> [Task objective]: Please give back the lines from the line containing "Effusion: negative" through the end of the listing below, exactly as written and without pictures.
++++
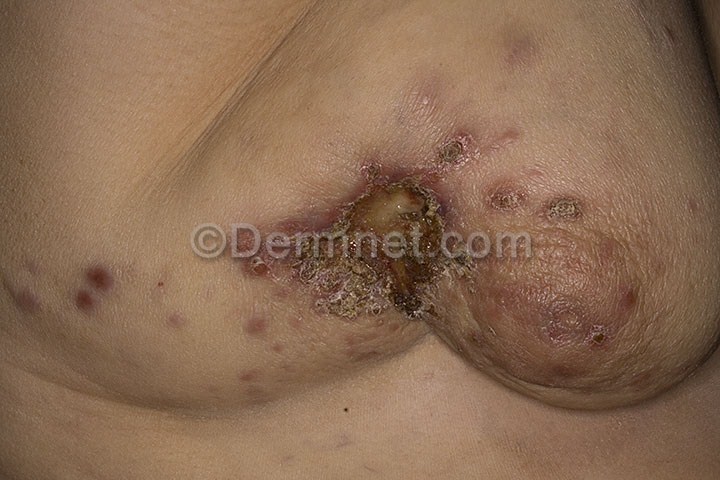
Disease: Actinic Keratosis Basal Cell Carcinoma and other Malignant Lesions
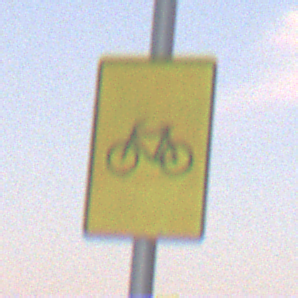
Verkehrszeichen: RadverkehrOhnePfeilsymbol
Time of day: SunriseSunset
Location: Outdoor (RoadRail)
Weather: PartlyCloudy
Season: NotSpecified
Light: Natural
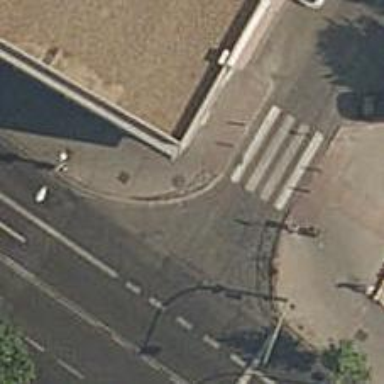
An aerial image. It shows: Kerb barrier.
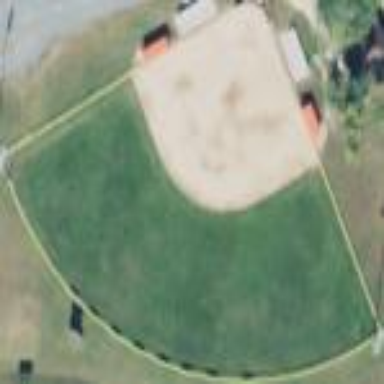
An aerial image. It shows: Baseball pitch for leisure land activities.
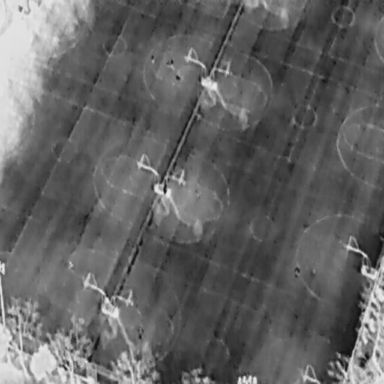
There are three People in the infrared image.
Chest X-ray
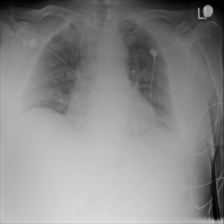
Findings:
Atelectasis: negative
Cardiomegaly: negative
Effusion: negative
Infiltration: negative
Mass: negative
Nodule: negative
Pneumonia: negative
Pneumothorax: negative
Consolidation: negative
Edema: negative
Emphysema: negative
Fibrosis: negative
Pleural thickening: negative
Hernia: negative
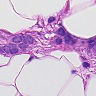
Metastatic tissue present: yes
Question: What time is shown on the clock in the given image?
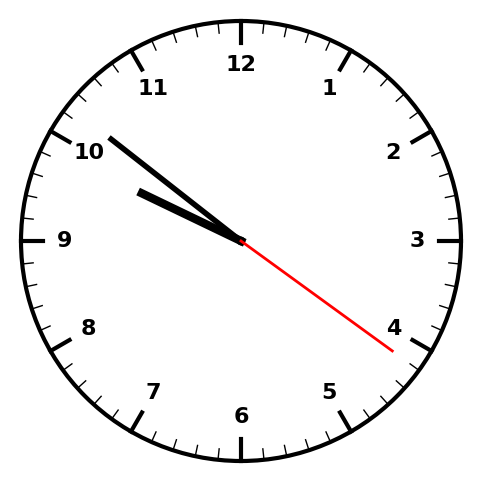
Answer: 09:51:21
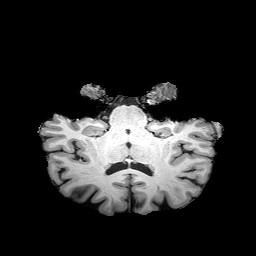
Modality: T1w
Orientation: sagittal
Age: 47
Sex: female
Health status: healthy
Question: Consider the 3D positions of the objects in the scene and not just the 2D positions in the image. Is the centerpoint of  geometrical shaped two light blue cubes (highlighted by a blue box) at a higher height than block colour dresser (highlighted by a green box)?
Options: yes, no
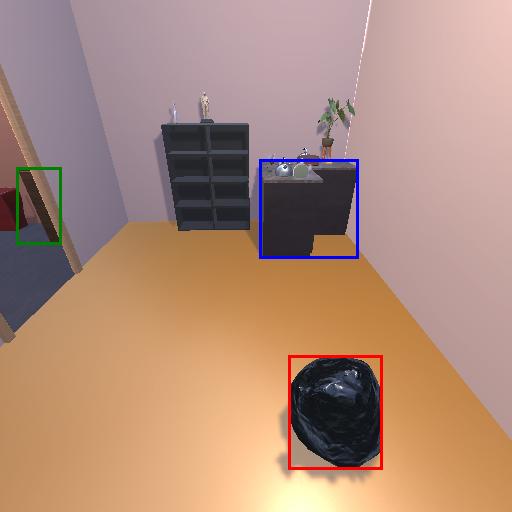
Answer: yes
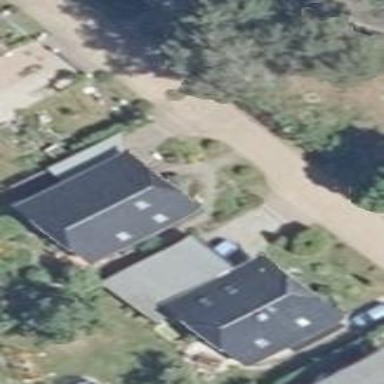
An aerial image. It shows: Terrace building.
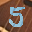
Label: 5
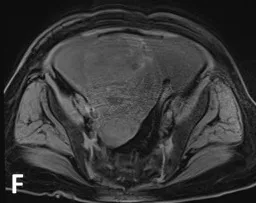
Enhanced magnetic resonance images. Of the case.
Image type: radiology (mri)
++++
> [Output of the exercise]:
Effusion: negative
Infiltration: negative
Mass: negative
Nodule: negative
Pneumonia: negative
Pneumothorax: negative
Consolidation: negative
Edema: negative
Emphysema: negative
Fibrosis: negative
Pleural thickening: negative
Hernia: negative
Metastatic tissue present: yes
Question: What time is shown on the clock in the given image?
Answer: 09:51:21
Modality: T1w
Orientation: sagittal
Age: 47
Sex: female
Health status: healthy
Question: Consider the 3D positions of the objects in the scene and not just the 2D positions in the image. Is the centerpoint of  geometrical shaped two light blue cubes (highlighted by a blue box) at a higher height than block colour dresser (highlighted by a green box)?
Options: yes, no
Answer: yes
An aerial image. It shows: Terrace building.
Label: 5
Enhanced magnetic resonance images. Of the case.
Image type: radiology (mri)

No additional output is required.